MATZ, District Judge.

TABLE OF CONTENTS
I. INTRODUCTION................................................. 1067
II. DISCUSSION..................................................... 1069
A. Legal Standard for Preliminary Injunctions...................... 1069
B. Standing...................................................... 1070
C. Does the Medicaid Act Require That California Provide Wraparound Services and Therapeutic Foster Care to Plaintiffs?.............. 1071
1. Are They Services?......................................... 1071
2. Does EPSDT Require Wraparound and Therapeutic Foster Care? 1074
III. CONCLUSION..................... 1078

I. INTRODUCTION

Plaintiffs are five troubled children with unmet mental health needs who were, at the time this suit was filed, in the custody of the Los Angeles County Department of Children and Family Services (“DCFS”).

Defendants are Sandra Shewry, the current Director of the California Department of Health Services (“DHS”), and Dennis Boyle, the current Director of the California Department of Social Services (“DSS”) (collectively, the “State Defendants”). 1

Plaintiffs in their First Amended Complaint (“FAC”) allege that for foster children with “behavioral, emotional or psychiatric impairment[s],” FAC ¶ 37, adequate mental health services include, among other things, wraparound services and therapeutic foster care. Plaintiffs allege, and State Defendants agree, that virtually all foster children in California receive, or are eligible to receive, their health care services through Medi-Cal, which is California’s Medicaid program. Id. ¶ 3; Answer ¶ 3. This means, according to Plaintiffs, that virtually all foster children in California who have “behavioral, emotional or psychiatric impairments” are entitled to wraparound services and/or therapeutic foster care where such services are medically appropriate.

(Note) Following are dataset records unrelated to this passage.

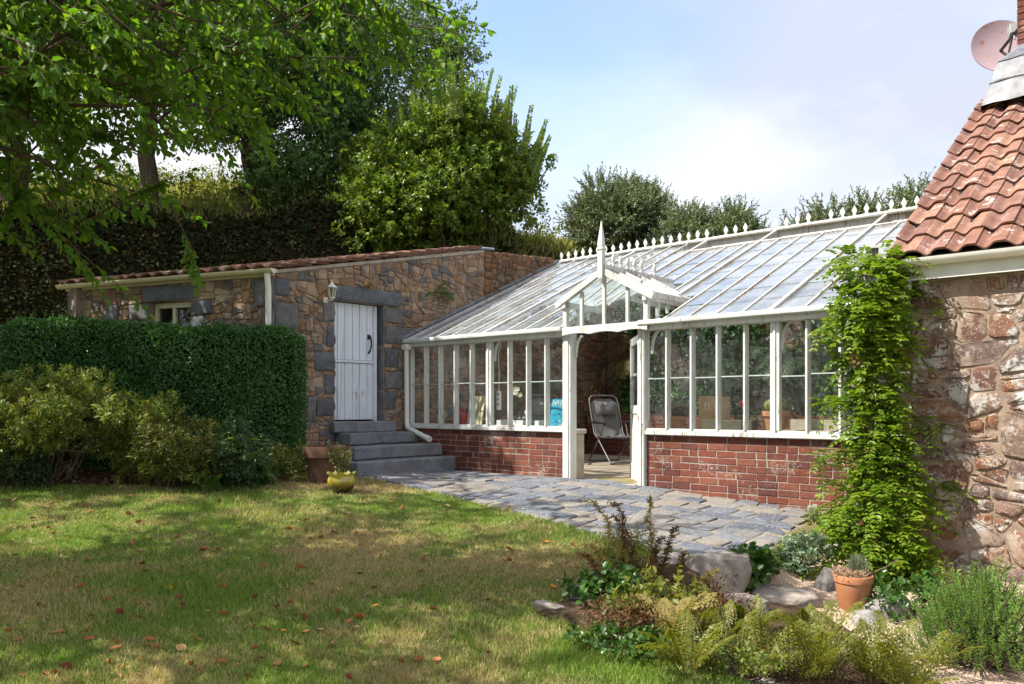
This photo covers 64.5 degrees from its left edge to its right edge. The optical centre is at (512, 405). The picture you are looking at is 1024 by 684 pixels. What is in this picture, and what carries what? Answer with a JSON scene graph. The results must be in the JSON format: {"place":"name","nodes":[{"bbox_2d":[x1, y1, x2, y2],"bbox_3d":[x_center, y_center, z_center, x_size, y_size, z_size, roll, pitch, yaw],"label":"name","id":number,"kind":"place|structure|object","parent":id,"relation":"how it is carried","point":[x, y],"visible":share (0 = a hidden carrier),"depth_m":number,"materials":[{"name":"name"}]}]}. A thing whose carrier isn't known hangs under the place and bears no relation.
{"place":"outdoors","nodes":[
{"label":"outdoors","id":0,"kind":"place"},
{"bbox_2d":[1,468,270,485],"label":"border soil","id":1,"kind":"structure","parent":0,"point":[100,479],"depth_m":9.06,"materials":[{"name":"brown soil"}]},
{"bbox_2d":[0,447,56,487],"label":"dwarf shrub","id":2,"kind":"object","parent":1,"relation":"on","point":[26,470],"visible":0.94,"depth_m":8.69,"materials":[{"name":"green plant"}]},
{"bbox_2d":[0,362,187,486],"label":"azalea bush","id":3,"kind":"object","parent":1,"relation":"on","point":[42,397],"visible":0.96,"depth_m":8.83,"materials":[{"name":"green plant"}]},
{"bbox_2d":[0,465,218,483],"bbox_3d":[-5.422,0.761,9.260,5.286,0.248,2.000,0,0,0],"label":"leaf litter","id":4,"kind":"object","parent":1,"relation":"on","point":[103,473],"visible":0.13,"depth_m":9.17,"materials":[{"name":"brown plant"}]},
{"bbox_2d":[0,306,307,474],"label":"clipped hedge","id":5,"kind":"object","parent":1,"relation":"on","point":[219,371],"visible":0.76,"depth_m":9.77,"materials":[{"name":"green plant"}]},
{"bbox_2d":[109,411,235,489],"bbox_3d":[-3.748,0.511,8.884,1.462,0.903,0.953,0,0,0],"label":"azalea bush","id":6,"kind":"object","parent":1,"relation":"on","point":[145,465],"visible":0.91,"depth_m":8.75,"materials":[{"name":"green plant"}]},
{"bbox_2d":[179,470,222,492],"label":"hosta plant","id":7,"kind":"object","parent":1,"relation":"on","point":[213,481],"visible":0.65,"depth_m":8.75,"materials":[{"name":"green plant"}]},
{"bbox_2d":[170,413,278,488],"bbox_3d":[-3.249,0.526,9.086,1.132,0.875,1.025,0,0,0],"label":"box shrub","id":8,"kind":"object","parent":1,"relation":"on","point":[230,480],"visible":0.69,"depth_m":8.93,"materials":[{"name":"green plant"}]},
{"bbox_2d":[223,447,286,488],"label":"fern clump","id":9,"kind":"object","parent":1,"relation":"on","point":[270,476],"visible":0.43,"depth_m":9.18,"materials":[{"name":"green plant"}]},
{"bbox_2d":[0,184,792,344],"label":"hillside","id":10,"kind":"structure","parent":0,"point":[18,277],"depth_m":15.19,"materials":[{"name":"green plant"}]},
{"bbox_2d":[0,0,169,203],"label":"oak tree","id":11,"kind":"object","parent":10,"relation":"on","point":[29,167],"visible":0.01,"depth_m":16.11,"materials":[{"name":"green plant"}]},
{"bbox_2d":[44,0,367,200],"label":"ash tree","id":12,"kind":"object","parent":10,"relation":"on","point":[178,158],"visible":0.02,"depth_m":20.02,"materials":[{"name":"green plant"}]},
{"bbox_2d":[26,0,390,204],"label":"oak tree","id":13,"kind":"object","parent":10,"relation":"on","point":[147,167],"visible":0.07,"depth_m":16.21,"materials":[{"name":"green plant"}]},
{"bbox_2d":[0,194,527,379],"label":"ivy","id":14,"kind":"object","parent":10,"relation":"on","point":[262,224],"visible":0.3,"depth_m":15.30,"materials":[{"name":"green plant"}]},
{"bbox_2d":[0,174,589,248],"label":"tall grass","id":15,"kind":"structure","parent":10,"relation":"on","point":[192,203],"depth_m":17.35,"materials":[{"name":"green plant"}]},
{"bbox_2d":[183,0,416,217],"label":"holm oak","id":16,"kind":"object","parent":10,"relation":"on","point":[296,159],"visible":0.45,"depth_m":16.14,"materials":[{"name":"green plant"}]},
{"bbox_2d":[2,156,630,241],"bbox_3d":[-5.796,-5.702,22.855,17.219,5.550,16.807,0,0,0],"label":"bracken","id":17,"kind":"object","parent":10,"relation":"on","point":[191,187],"visible":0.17,"depth_m":17.50,"materials":[{"name":"green plant"}]},
{"bbox_2d":[269,0,491,194],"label":"ash tree","id":18,"kind":"object","parent":10,"relation":"on","point":[416,17],"visible":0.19,"depth_m":18.80,"materials":[{"name":"green plant"}]},
{"bbox_2d":[326,57,558,256],"bbox_3d":[-1.420,-3.743,15.575,3.756,5.522,3.854,0,0,37],"label":"elm bush","id":19,"kind":"object","parent":10,"relation":"on","point":[454,166],"visible":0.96,"depth_m":14.98,"materials":[{"name":"green plant"}]},
{"bbox_2d":[484,217,634,304],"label":"dry grass","id":20,"kind":"structure","parent":10,"relation":"on","point":[557,244],"depth_m":17.45,"materials":[{"name":"plant"}]},
{"bbox_2d":[554,161,684,277],"bbox_3d":[2.339,-3.915,17.711,2.791,2.662,2.781,0,0,-36],"label":"tree","id":21,"kind":"object","parent":10,"relation":"on","point":[620,206],"visible":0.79,"depth_m":17.14,"materials":[{"name":"green plant"}]},
{"bbox_2d":[639,192,772,291],"bbox_3d":[3.970,-3.162,16.519,2.539,2.222,2.910,0,0,-25],"label":"gorse bush","id":22,"kind":"object","parent":10,"relation":"on","point":[690,220],"visible":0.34,"depth_m":16.03,"materials":[{"name":"green plant"}]},
{"bbox_2d":[779,192,854,270],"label":"gorse bush","id":23,"kind":"object","parent":10,"relation":"on","point":[818,213],"visible":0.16,"depth_m":14.77,"materials":[{"name":"green plant"}]},
{"bbox_2d":[830,165,935,248],"bbox_3d":[6.927,-3.353,14.971,2.244,1.828,1.891,0,0,0],"label":"gorse bush","id":24,"kind":"object","parent":10,"relation":"on","point":[901,193],"visible":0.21,"depth_m":14.67,"materials":[{"name":"green plant"}]},
{"bbox_2d":[0,472,867,683],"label":"lawn","id":25,"kind":"structure","parent":0,"point":[810,526],"depth_m":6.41,"materials":[{"name":"plant"}]},
{"bbox_2d":[0,0,138,203],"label":"sycamore tree","id":26,"kind":"object","parent":25,"relation":"on","point":[78,100],"visible":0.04,"depth_m":11.36,"materials":[{"name":"green plant"}]},
{"bbox_2d":[217,428,267,485],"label":"hydrangea plant","id":27,"kind":"object","parent":25,"relation":"on","point":[250,455],"visible":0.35,"depth_m":9.04,"materials":[{"name":"green plant"}]},
{"bbox_2d":[0,0,496,319],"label":"cherry tree","id":28,"kind":"object","parent":25,"relation":"on","point":[93,24],"visible":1,"depth_m":5.42,"materials":[{"name":"green plant"}]},
{"bbox_2d":[55,245,484,468],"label":"stone shed","id":29,"kind":"structure","parent":25,"relation":"on","point":[353,331],"depth_m":11.47,"materials":[{"name":"stone"}]},
{"bbox_2d":[155,302,190,324],"bbox_3d":[-4.641,-1.085,11.191,0.700,0.660,0.070,0,0,23],"label":"window","id":30,"kind":"structure","parent":29,"relation":"in","point":[175,306],"depth_m":11.18,"materials":[{"name":"beige wood"}]},
{"bbox_2d":[334,302,373,420],"bbox_3d":[-2.240,-0.610,11.514,0.152,1.679,0.870,0,0,41],"label":"door","id":31,"kind":"structure","parent":29,"relation":"in","point":[353,323],"depth_m":11.49,"materials":[{"name":"white wood"}]},
{"bbox_2d":[264,439,308,480],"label":"euonymus shrub","id":32,"kind":"object","parent":25,"relation":"on","point":[282,457],"visible":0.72,"depth_m":9.49,"materials":[{"name":"green plant"}]},
{"bbox_2d":[302,445,350,481],"bbox_3d":[-2.206,0.687,9.626,0.570,0.410,0.570,0,0,0],"label":"terracotta pot","id":33,"kind":"object","parent":25,"relation":"on","point":[320,464],"visible":0.7,"depth_m":9.41,"materials":[{"name":"brown ceramic"}]},
{"bbox_2d":[326,471,356,491],"bbox_3d":[-1.898,0.847,9.032,0.344,0.224,0.347,0,0,0],"label":"glazed pot","id":34,"kind":"object","parent":25,"relation":"on","point":[342,482],"visible":0.97,"depth_m":8.92,"materials":[{"name":"yellow ceramic"}]},
{"bbox_2d":[326,439,352,473],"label":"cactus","id":35,"kind":"object","parent":34,"relation":"on","point":[339,465],"visible":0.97,"depth_m":8.99,"materials":[{"name":"green plant"}]},
{"bbox_2d":[0,480,745,683],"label":"clover","id":36,"kind":"object","parent":25,"relation":"on","point":[565,662],"visible":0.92,"depth_m":5.54,"materials":[{"name":"green plant"}]},
{"bbox_2d":[329,421,455,476],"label":"stone steps","id":37,"kind":"structure","parent":25,"relation":"on","point":[381,447],"depth_m":11.02,"materials":[{"name":"stone"}]},
{"bbox_2d":[484,251,608,453],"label":"garden wall","id":38,"kind":"structure","parent":25,"relation":"on","point":[501,270],"depth_m":14.34,"materials":[{"name":"brown stone"}]},
{"bbox_2d":[518,370,558,398],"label":"wall fern","id":39,"kind":"object","parent":38,"relation":"attached to","point":[536,385],"depth_m":13.47,"materials":[{"name":"green plant"}]},
{"bbox_2d":[589,334,629,366],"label":"wall fern","id":40,"kind":"object","parent":38,"relation":"attached to","point":[615,350],"depth_m":15.24,"materials":[{"name":"brown plant"}]},
{"bbox_2d":[400,196,919,544],"bbox_3d":[2.744,-0.683,11.655,7.154,4.265,5.495,0,0,41],"label":"greenhouse","id":41,"kind":"object","parent":25,"relation":"on","point":[773,465],"visible":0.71,"depth_m":10.07,"materials":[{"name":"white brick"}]},
{"bbox_2d":[630,336,636,480],"bbox_3d":[1.514,0.040,9.908,0.040,1.760,0.860,0,0,1],"label":"door","id":42,"kind":"structure","parent":41,"relation":"in","point":[633,342],"depth_m":10.10,"materials":[{"name":"white wood"}]},
{"bbox_2d":[534,557,940,683],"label":"flower bed","id":43,"kind":"object","parent":25,"relation":"on","point":[572,609],"visible":0.15,"depth_m":5.11,"materials":[{"name":"soil"}]},
{"bbox_2d":[532,600,564,610],"bbox_3d":[0.242,1.327,5.324,0.246,0.087,0.140,0,0,31],"label":"boulder","id":44,"kind":"object","parent":43,"relation":"on","point":[543,604],"visible":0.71,"depth_m":5.28,"materials":[{"name":"stone"}]},
{"bbox_2d":[572,551,610,592],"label":"seedhead stalk","id":45,"kind":"object","parent":43,"relation":"on","point":[592,559],"visible":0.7,"depth_m":5.39,"materials":[{"name":"brown plant"}]},
{"bbox_2d":[559,561,650,614],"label":"cranesbill plant","id":46,"kind":"object","parent":43,"relation":"on","point":[592,585],"visible":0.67,"depth_m":5.37,"materials":[{"name":"green plant"}]},
{"bbox_2d":[577,499,635,567],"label":"seedhead stalk","id":47,"kind":"object","parent":43,"relation":"on","point":[608,532],"visible":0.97,"depth_m":5.58,"materials":[{"name":"plant"}]},
{"bbox_2d":[564,619,673,651],"bbox_3d":[0.623,1.347,4.726,0.653,0.211,0.288,0,0,0],"label":"lady mantle","id":48,"kind":"object","parent":43,"relation":"on","point":[602,631],"visible":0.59,"depth_m":4.69,"materials":[{"name":"green plant"}]},
{"bbox_2d":[576,592,665,639],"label":"heather plant","id":49,"kind":"object","parent":43,"relation":"on","point":[638,621],"visible":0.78,"depth_m":4.89,"materials":[{"name":"brown plant"}]},
{"bbox_2d":[611,513,632,573],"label":"seedhead stalk","id":50,"kind":"object","parent":43,"relation":"on","point":[621,536],"visible":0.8,"depth_m":5.63,"materials":[{"name":"brown plant"}]},
{"bbox_2d":[607,499,644,571],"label":"seedhead stalk","id":51,"kind":"object","parent":43,"relation":"on","point":[622,514],"visible":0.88,"depth_m":5.70,"materials":[{"name":"brown plant"}]},
{"bbox_2d":[587,518,673,575],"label":"shrub","id":52,"kind":"object","parent":43,"relation":"on","point":[611,556],"visible":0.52,"depth_m":5.92,"materials":[{"name":"green plant"}]},
{"bbox_2d":[642,494,659,574],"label":"seedhead stalk","id":53,"kind":"object","parent":43,"relation":"on","point":[651,534],"visible":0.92,"depth_m":5.71,"materials":[{"name":"plant"}]},
{"bbox_2d":[642,535,665,575],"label":"seedhead stalk","id":54,"kind":"object","parent":43,"relation":"on","point":[654,555],"visible":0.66,"depth_m":5.63,"materials":[{"name":"brown plant"}]},
{"bbox_2d":[605,563,706,619],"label":"cranesbill plant","id":55,"kind":"object","parent":43,"relation":"on","point":[660,587],"visible":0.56,"depth_m":5.12,"materials":[{"name":"green plant"}]},
{"bbox_2d":[592,632,726,665],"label":"creeping plant","id":56,"kind":"object","parent":43,"relation":"on","point":[638,641],"visible":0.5,"depth_m":4.48,"materials":[{"name":"green plant"}]},
{"bbox_2d":[656,525,681,575],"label":"seedhead stalk","id":57,"kind":"object","parent":43,"relation":"on","point":[673,530],"visible":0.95,"depth_m":5.65,"materials":[{"name":"brown plant"}]},
{"bbox_2d":[636,591,717,633],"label":"fern","id":58,"kind":"object","parent":43,"relation":"on","point":[665,606],"visible":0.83,"depth_m":4.89,"materials":[{"name":"plant"}]},
{"bbox_2d":[668,550,688,586],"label":"seedhead stalk","id":59,"kind":"object","parent":43,"relation":"on","point":[680,559],"visible":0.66,"depth_m":5.53,"materials":[{"name":"brown plant"}]},
{"bbox_2d":[634,609,738,674],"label":"fern","id":60,"kind":"object","parent":43,"relation":"on","point":[693,659],"visible":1,"depth_m":4.28,"materials":[{"name":"green plant"}]},
{"bbox_2d":[678,572,757,625],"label":"heather plant","id":61,"kind":"object","parent":43,"relation":"on","point":[721,600],"visible":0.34,"depth_m":5.47,"materials":[{"name":"green plant"}]},
{"bbox_2d":[686,551,752,595],"bbox_3d":[1.560,1.280,6.184,0.526,0.323,0.274,0,0,19],"label":"boulder","id":62,"kind":"object","parent":43,"relation":"on","point":[730,564],"visible":0.54,"depth_m":6.05,"materials":[{"name":"stone"}]},
{"bbox_2d":[690,582,760,648],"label":"fern","id":63,"kind":"object","parent":43,"relation":"on","point":[753,613],"visible":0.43,"depth_m":5.04,"materials":[{"name":"green plant"}]},
{"bbox_2d":[685,636,802,683],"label":"creeping plant","id":64,"kind":"object","parent":43,"relation":"on","point":[754,663],"visible":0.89,"depth_m":4.36,"materials":[{"name":"green plant"}]},
{"bbox_2d":[724,594,781,637],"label":"fern","id":65,"kind":"object","parent":43,"relation":"on","point":[740,611],"visible":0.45,"depth_m":5.36,"materials":[{"name":"green plant"}]},
{"bbox_2d":[728,541,786,588],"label":"geranium plant","id":66,"kind":"object","parent":43,"relation":"on","point":[762,563],"visible":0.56,"depth_m":6.19,"materials":[{"name":"green plant"}]},
{"bbox_2d":[708,613,816,681],"bbox_3d":[1.438,1.384,4.694,0.629,0.436,0.510,0,0,-42],"label":"fern","id":67,"kind":"object","parent":43,"relation":"on","point":[747,630],"visible":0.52,"depth_m":4.70,"materials":[{"name":"green plant"}]},
{"bbox_2d":[759,599,862,683],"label":"fern","id":68,"kind":"object","parent":43,"relation":"on","point":[816,655],"visible":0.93,"depth_m":4.65,"materials":[{"name":"green plant"}]},
{"bbox_2d":[787,599,848,644],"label":"fern","id":69,"kind":"object","parent":43,"relation":"on","point":[805,615],"visible":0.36,"depth_m":5.18,"materials":[{"name":"green plant"}]},
{"bbox_2d":[823,616,928,681],"bbox_3d":[2.138,1.425,4.697,0.552,0.386,0.496,0,0,-23],"label":"fern","id":70,"kind":"object","parent":43,"relation":"on","point":[862,649],"visible":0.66,"depth_m":4.75,"materials":[{"name":"green plant"}]},
{"bbox_2d":[845,609,982,683],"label":"fern","id":71,"kind":"object","parent":43,"relation":"on","point":[911,676],"visible":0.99,"depth_m":4.43,"materials":[{"name":"green plant"}]},
{"bbox_2d":[607,297,910,416],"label":"wall","id":72,"kind":"structure","parent":25,"relation":"on","point":[678,361],"depth_m":14.60,"materials":[{"name":"brown stone"}]},
{"bbox_2d":[601,359,629,381],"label":"wall fern","id":73,"kind":"object","parent":72,"relation":"attached to","point":[626,366],"depth_m":15.07,"materials":[{"name":"plant"}]},
{"bbox_2d":[676,353,742,392],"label":"wall fern","id":74,"kind":"object","parent":72,"relation":"attached to","point":[713,370],"depth_m":13.73,"materials":[{"name":"green plant"}]},
{"bbox_2d":[614,281,910,416],"bbox_3d":[4.001,-0.894,13.731,5.369,2.371,0.521,0,0,41],"label":"climbing fig","id":75,"kind":"object","parent":72,"relation":"attached to","point":[732,335],"visible":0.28,"depth_m":13.87,"materials":[{"name":"green plant"}]},
{"bbox_2d":[750,344,823,386],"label":"wall fern","id":76,"kind":"object","parent":72,"relation":"attached to","point":[784,360],"depth_m":12.92,"materials":[{"name":"green plant"}]},
{"bbox_2d":[802,502,854,533],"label":"thyme clump","id":77,"kind":"object","parent":25,"relation":"on","point":[817,514],"visible":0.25,"depth_m":7.66,"materials":[{"name":"green plant"}]},
{"bbox_2d":[886,0,1023,584],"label":"cottage","id":78,"kind":"structure","parent":25,"relation":"on","point":[962,231],"depth_m":6.90,"materials":[{"name":"brown stone"}]},
{"bbox_2d":[971,20,1017,70],"bbox_3d":[6.227,-4.551,10.146,0.577,0.716,0.676,0,0,-23],"label":"satellite dish","id":79,"kind":"object","parent":78,"relation":"attached to","point":[993,43],"visible":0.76,"depth_m":10.32,"materials":[{"name":"pink metal"}]},
{"bbox_2d":[0,0,1017,265],"label":"sky","id":80,"kind":"structure","parent":0,"point":[773,102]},
{"bbox_2d":[306,470,858,557],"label":"paving","id":81,"kind":"structure","parent":0,"point":[670,505],"depth_m":8.32,"materials":[{"name":"stone"}]},
{"bbox_2d":[577,454,636,485],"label":"greenhouse floor","id":82,"kind":"structure","parent":0,"point":[598,469],"depth_m":11.78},
{"bbox_2d":[525,395,557,420],"bbox_3d":[0.438,0.368,12.612,0.616,1.090,0.889,0,0,6],"label":"garden recliner","id":83,"kind":"object","parent":82,"relation":"on","point":[537,409],"visible":0.2,"depth_m":12.93,"materials":[{"name":"grey fabric"}]},
{"bbox_2d":[577,429,585,477],"bbox_3d":[-0.218,0.625,11.250,2.864,0.650,0.310,0,0,41],"label":"potting bench","id":84,"kind":"object","parent":82,"relation":"on","point":[580,451],"visible":0.21,"depth_m":10.34,"materials":[{"name":"concrete"}]},
{"bbox_2d":[467,396,485,424],"bbox_3d":[-0.514,0.082,11.544,0.398,0.441,0.195,0,0,41],"label":"slatted panel","id":85,"kind":"object","parent":84,"relation":"on","point":[480,401],"visible":0.5,"depth_m":11.52,"materials":[{"name":"white wood"}]},
{"bbox_2d":[550,399,562,425],"bbox_3d":[0.576,0.097,10.590,0.320,0.365,0.185,0,0,41],"label":"shopping bag","id":86,"kind":"object","parent":84,"relation":"on","point":[556,412],"visible":0.56,"depth_m":10.52,"materials":[{"name":"blue plastic"}]},
{"bbox_2d":[588,395,629,464],"bbox_3d":[1.639,0.368,13.012,0.616,1.090,0.889,0,0,-20],"label":"garden recliner","id":87,"kind":"object","parent":82,"relation":"on","point":[605,420],"visible":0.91,"depth_m":13.26,"materials":[{"name":"grey fabric"}]},
{"bbox_2d":[587,414,910,455],"bbox_3d":[4.266,0.578,13.317,6.955,0.845,0.769,0,0,41],"label":"raised bed","id":88,"kind":"object","parent":82,"relation":"on","point":[613,446],"visible":0.09,"depth_m":14.76,"materials":[{"name":"brick"}]},
{"bbox_2d":[671,416,684,428],"bbox_3d":[1.956,0.213,9.669,0.216,0.172,0.216,0,0,0],"label":"terracotta pot","id":89,"kind":"object","parent":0,"point":[677,422],"visible":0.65,"depth_m":9.59,"materials":[{"name":"orange ceramic"}]},
{"bbox_2d":[660,401,689,417],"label":"dry plant","id":90,"kind":"object","parent":89,"relation":"on","point":[677,410],"visible":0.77,"depth_m":9.62,"materials":[{"name":"brown plant"}]},
{"bbox_2d":[744,559,1023,683],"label":"gravel path","id":91,"kind":"structure","parent":0,"point":[787,576],"depth_m":5.51,"materials":[{"name":"beige gravel"}]},
{"bbox_2d":[717,593,770,613],"bbox_3d":[1.667,1.471,5.876,0.414,0.196,0.321,0,0,0],"label":"boulder","id":92,"kind":"object","parent":91,"relation":"on","point":[767,607],"visible":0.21,"depth_m":5.81,"materials":[{"name":"stone"}]},
{"bbox_2d":[751,583,821,607],"bbox_3d":[2.061,1.452,6.139,0.497,0.160,0.332,0,0,11],"label":"boulder","id":93,"kind":"object","parent":91,"relation":"on","point":[786,594],"visible":0.72,"depth_m":6.02,"materials":[{"name":"stone"}]},
{"bbox_2d":[775,529,836,575],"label":"spurge plant","id":94,"kind":"object","parent":91,"relation":"on","point":[796,548],"visible":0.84,"depth_m":6.64,"materials":[{"name":"green plant"}]},
{"bbox_2d":[814,567,835,591],"bbox_3d":[2.488,1.405,6.386,0.213,0.262,0.168,0,0,-29],"label":"boulder","id":95,"kind":"object","parent":91,"relation":"on","point":[824,581],"visible":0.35,"depth_m":6.32,"materials":[{"name":"stone"}]},
{"bbox_2d":[833,573,873,610],"bbox_3d":[2.514,1.373,5.979,0.280,0.256,0.280,0,0,0],"label":"terracotta pot","id":96,"kind":"object","parent":91,"relation":"on","point":[850,592],"visible":0.67,"depth_m":5.88,"materials":[{"name":"orange ceramic"}]},
{"bbox_2d":[830,552,870,580],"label":"lavender plant","id":97,"kind":"object","parent":96,"relation":"in","point":[857,567],"visible":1,"depth_m":5.96,"materials":[{"name":"green plant"}]},
{"bbox_2d":[852,609,881,629],"bbox_3d":[2.470,1.507,5.656,0.191,0.174,0.200,0,0,0],"label":"boulder","id":98,"kind":"object","parent":91,"relation":"on","point":[865,614],"visible":0.48,"depth_m":5.61,"materials":[{"name":"stone"}]},
{"bbox_2d":[863,595,909,621],"bbox_3d":[2.691,1.468,5.830,0.330,0.202,0.287,0,0,0],"label":"boulder","id":99,"kind":"object","parent":91,"relation":"on","point":[872,607],"visible":0.41,"depth_m":5.73,"materials":[{"name":"stone"}]},
{"bbox_2d":[796,239,988,594],"bbox_3d":[3.213,0.275,6.804,1.413,3.424,1.386,0,0,29],"label":"wisteria","id":100,"kind":"object","parent":91,"relation":"on","point":[880,300],"visible":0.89,"depth_m":6.81,"materials":[{"name":"green plant"}]},
{"bbox_2d":[850,567,954,623],"bbox_3d":[2.847,1.390,5.859,0.815,0.402,0.640,0,0,0],"label":"ivy patch","id":101,"kind":"object","parent":91,"relation":"on","point":[884,589],"visible":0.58,"depth_m":5.87,"materials":[{"name":"green plant"}]},
{"bbox_2d":[917,556,975,603],"bbox_3d":[3.280,1.372,5.997,0.586,0.483,0.519,0,0,0],"label":"ivy patch","id":102,"kind":"object","parent":91,"relation":"on","point":[950,571],"visible":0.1,"depth_m":6.00,"materials":[{"name":"green plant"}]},
{"bbox_2d":[903,555,1023,675],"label":"rosemary bush","id":103,"kind":"object","parent":91,"relation":"on","point":[984,616],"visible":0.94,"depth_m":4.92,"materials":[{"name":"green plant"}]},
{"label":"potting bench","id":104,"kind":"object","parent":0,"visible":0},
{"bbox_2d":[699,396,729,428],"bbox_3d":[2.402,0.096,9.633,0.215,0.406,0.382,0,0,41],"label":"cardboard box","id":105,"kind":"object","parent":104,"relation":"on","point":[707,407],"visible":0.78,"depth_m":9.53,"materials":[{"name":"brown cardboard"}]},
{"bbox_2d":[702,419,757,429],"bbox_3d":[2.422,0.229,9.049,0.600,0.140,0.150,0,0,41],"label":"planter trough","id":106,"kind":"object","parent":104,"relation":"on","point":[726,424],"visible":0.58,"depth_m":8.97,"materials":[{"name":"brown wood"}]},
{"bbox_2d":[761,411,789,430],"bbox_3d":[2.877,0.179,8.854,0.302,0.241,0.302,0,0,0],"label":"terracotta pot","id":107,"kind":"object","parent":104,"relation":"on","point":[766,414],"visible":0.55,"depth_m":8.77,"materials":[{"name":"orange ceramic"}]},
{"bbox_2d":[782,419,855,431],"bbox_3d":[3.302,0.224,8.279,1.060,0.150,0.180,0,0,41],"label":"timber plank","id":108,"kind":"object","parent":104,"relation":"on","point":[796,425],"visible":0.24,"depth_m":8.46,"materials":[{"name":"beige wood"}]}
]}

Over Defendants’ opposition, on June 18, 2003, the Court certified the following class:

[C]hildren in California who (a) are in foster care or are at imminent risk of foster care placement; and (b) have a mental illness or condition that has been documented or, had an assessment already been conducted, would have been documented; and (c) who need individualized mental health services, including but not limited to professionally acceptable assessments, behavioral support and case management services, family support, crisis support, therapeutic foster care and other necessary services in the home or in a home-like setting, to treat or ameliorate their illness or condition.

*1068 Order Re Class Certification [of Statewide Class]. 2

On September 9, 2005, Plaintiffs filed a motion seeking a mandatory preliminary injunction requiring the State Defendants to provide wraparound services and therapeutic foster care to all members of the statewide class, within 60 days from the entry of an order granting the motion. 3 The proposed injunction would require Plaintiffs and the State Defendants to meet and confer to develop an implementation plan and to submit a joint status report thereafter. The Court conducted a hearing on October 31, 2005, and requested additional briefing. The supplemental briefs have helped clarify the issues and very recent decisions have reinforced the Court’s initial view that Plaintiffs have satisfied the necessary prerequisites for in-junctive relief.

Given the passage of time and the competing demands of the Court’s caseload, in certain respects this Order necessarily will be streamlined. Thus, for example, because the parties are fully familiar with their respective contentions, the Court will not set forth in detail their arguments nor deal with all the voluminous evidence they proffered. Nevertheless, I am compelled to precede this analysis of the motion with relevant observations about this case.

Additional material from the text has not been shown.